Layer 1 — Content Readable. The Agent can understand your content as structured text, not as rendered-HTML noise. Standards like llms.txt solve this.

Layer 2 — Action Executable. The Agent doesn't just read — it calls your APIs, triggers operations, fetches live data. defineAction and its equivalents solve this.

Layer 3 — Protocol Compatible. The Agent interoperates through standard protocols (MCP, A2A) so you don't write per-Agent integrations.

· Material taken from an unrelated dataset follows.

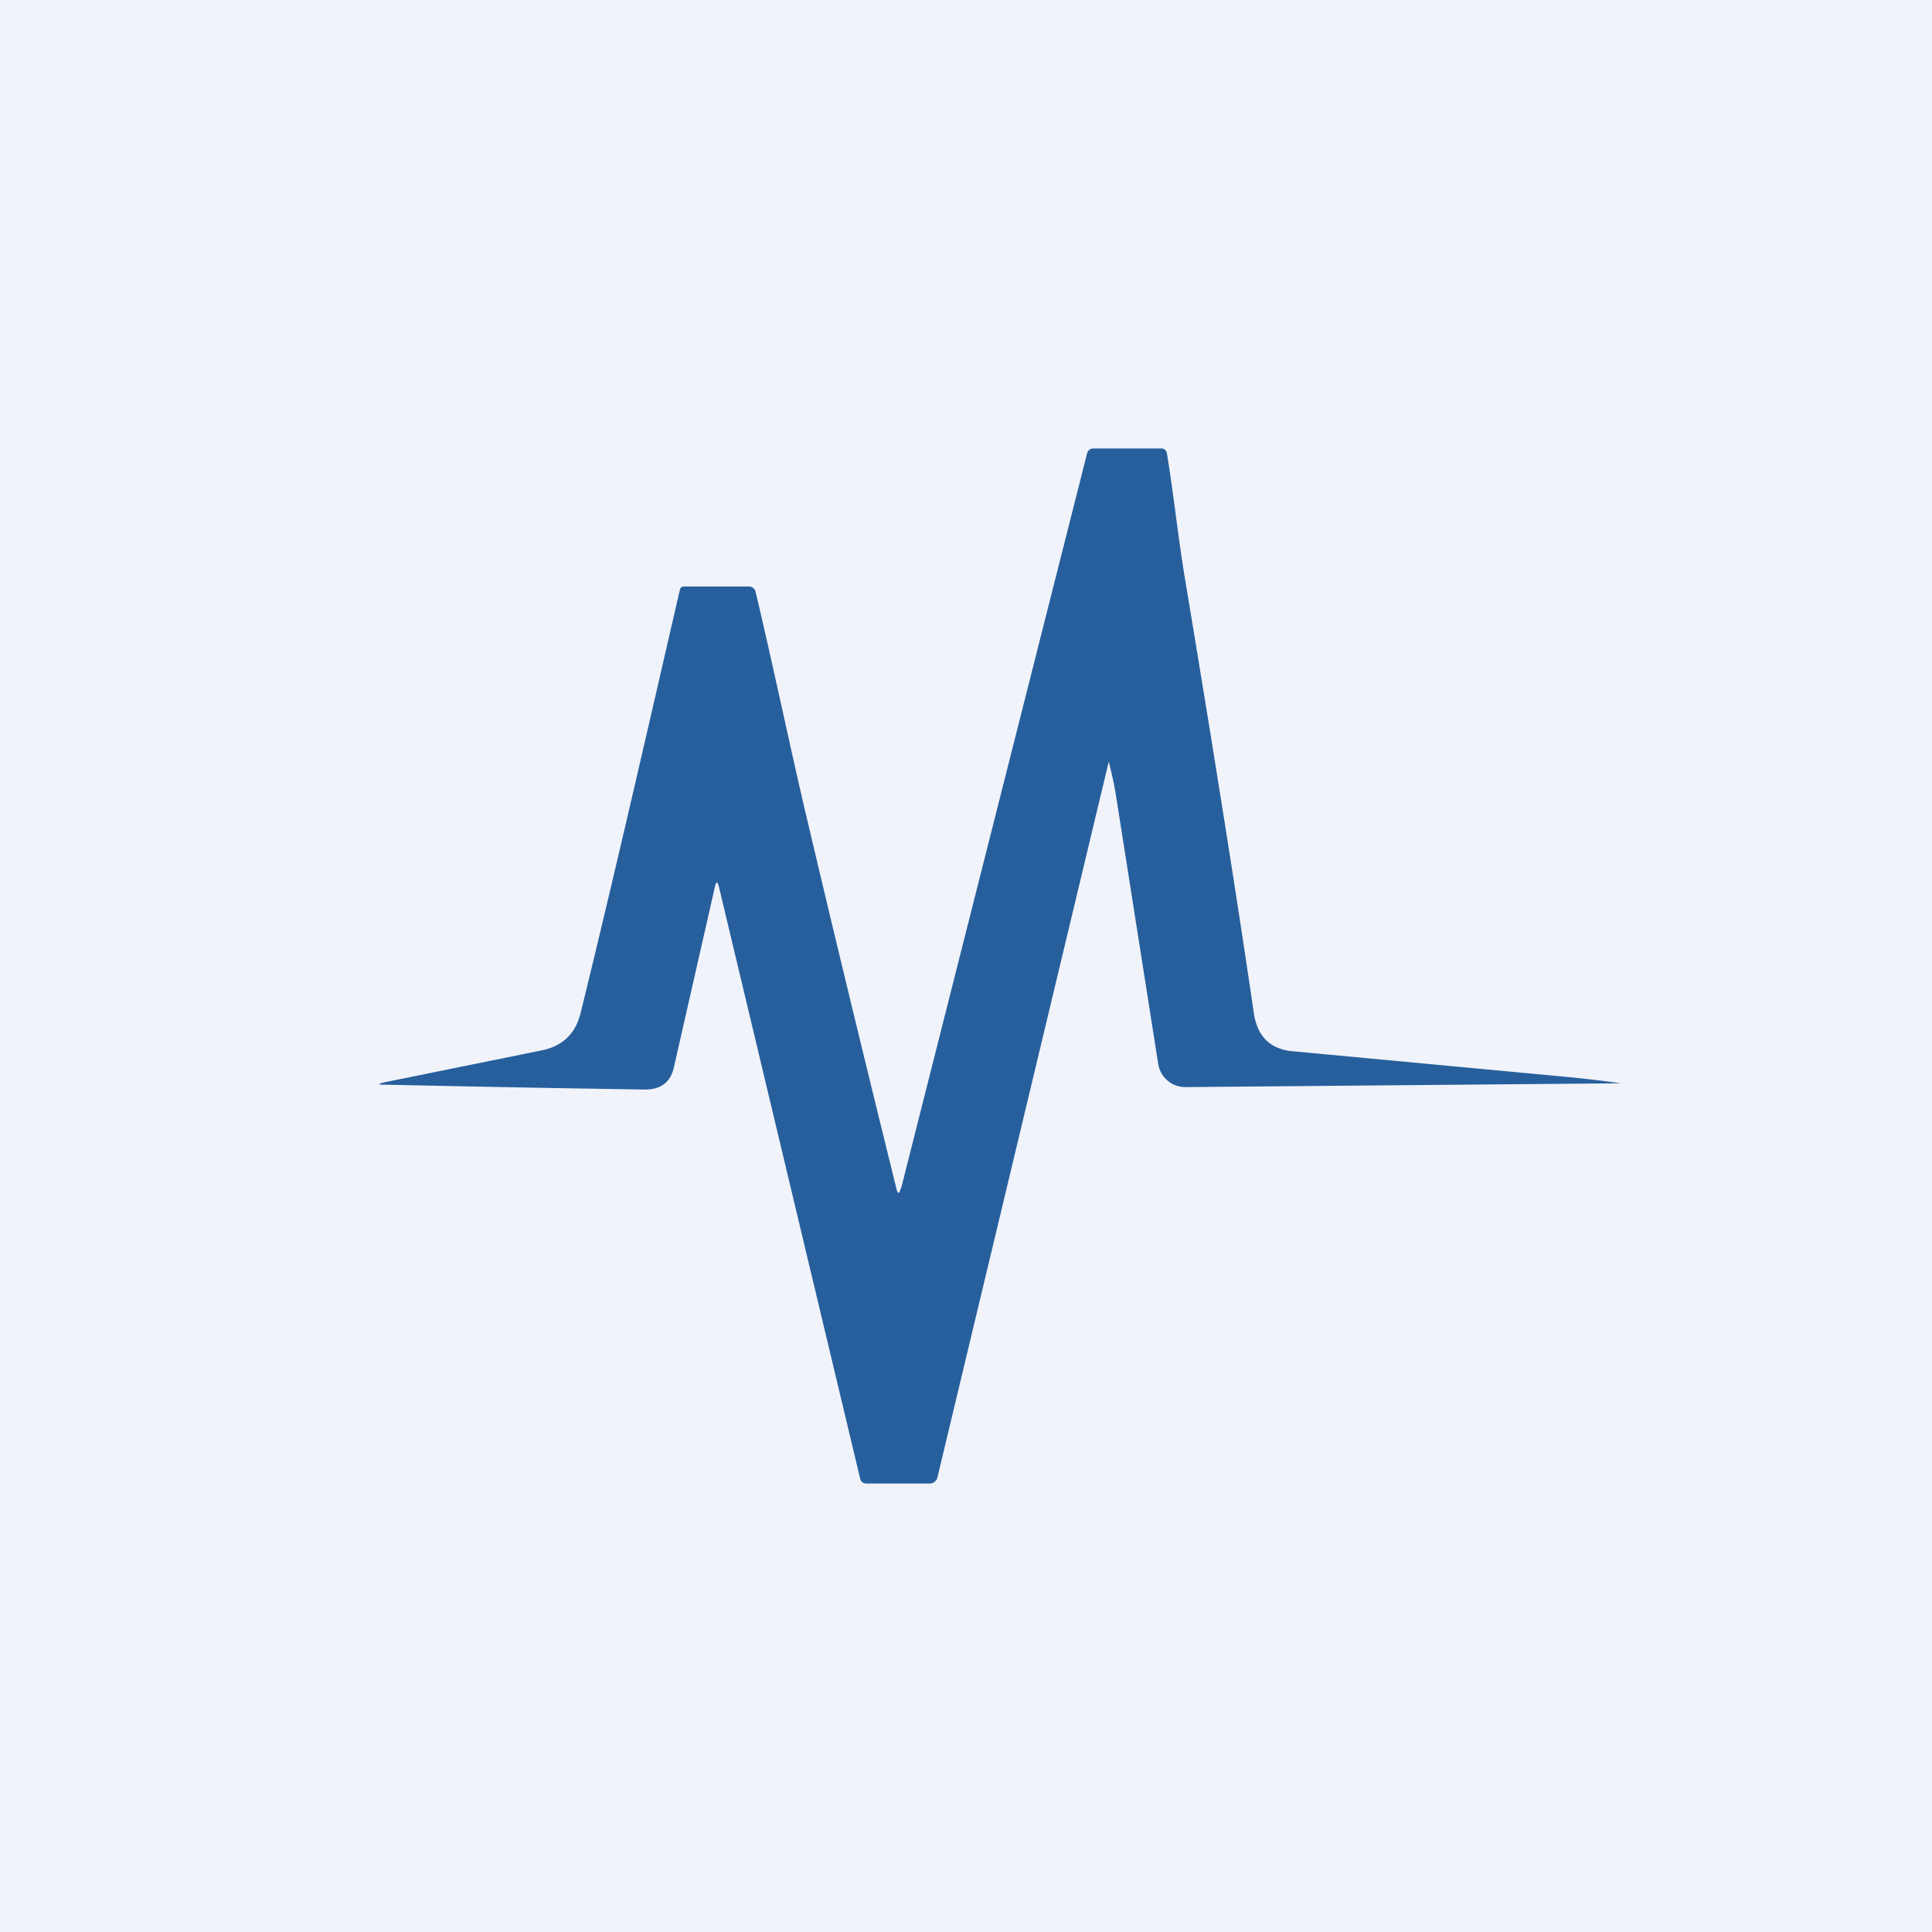 ﻿<?xml version="1.0" standalone="no"?>
<!DOCTYPE svg PUBLIC "-//W3C//DTD SVG 1.1//EN" 
"http://www.w3.org/Graphics/SVG/1.1/DTD/svg11.dtd">
<svg width="56" height="56" viewBox="0 0 56 56" xmlns="http://www.w3.org/2000/svg"><path fill="#F0F3FA" d="M0 0h56v56H0z"/><path d="m26.12 34.44 5.39-21.3a.2.2 0 0 1 .06-.1.19.19 0 0 1 .12-.04h2c.03 0 .06.02.08.04.03.02.04.05.05.08.2 1.2.32 2.4.52 3.61.94 5.65 1.6 9.86 2 12.62.1.68.46 1.05 1.11 1.12l8.02.75a41.3 41.3 0 0 1 1.52.18l-12.63.11a.79.79 0 0 1-.52-.19.8.8 0 0 1-.27-.49l-1.24-7.88a10.88 10.88 0 0 0-.19-.86h-.01v.02l-4.96 20.72a.22.22 0 0 1-.08.12.21.21 0 0 1-.13.05H25.1c-.1-.01-.15-.06-.17-.15l-4.1-17.18c-.04-.12-.06-.12-.1 0l-1.2 5.28c-.1.43-.39.64-.86.63-2.7-.04-5.2-.09-7.52-.14-.21 0-.21-.02 0-.07l4.53-.92c.62-.12 1-.48 1.15-1.09.98-3.99 1.96-8.29 2.88-12.28a.11.11 0 0 1 .1-.08h1.9a.2.2 0 0 1 .19.15c.51 2.15.98 4.4 1.41 6.24.83 3.53 1.72 7.2 2.67 11.05.04.18.09.18.13 0Z" fill="#275F9C"/></svg>

One adapter, all Agents.

These three layers answer one question: "How does the Agent operate the product?"

It's a good question. But it's not the only question. And framing Agent-Native as just this three-layer stack misses the harder half of the problem.

1. What Everyone Is Talking About

BuilderIO open-sourced agent-native — React hooks, defineAction, shared state. Alibaba Cloud showcased five Agent-Native cloud products. Technical communities started debating "Agent-Native design paradigms."

The shared definition: make AI Agents native operators of the software system, not bolt-on chat features. Three keywords:

Shared. The same Action — clicking a button or saying a sentence — triggers the same logic. The same data — UI changes it, Agent sees it; Agent changes it, UI refreshes.
Native. The Agent isn't glued on later. It's designed from the start as one of the system's operators.
Multi-surface. The same Agent can be a headless API, a chat interface, or a full SaaS app — identical logic, different face.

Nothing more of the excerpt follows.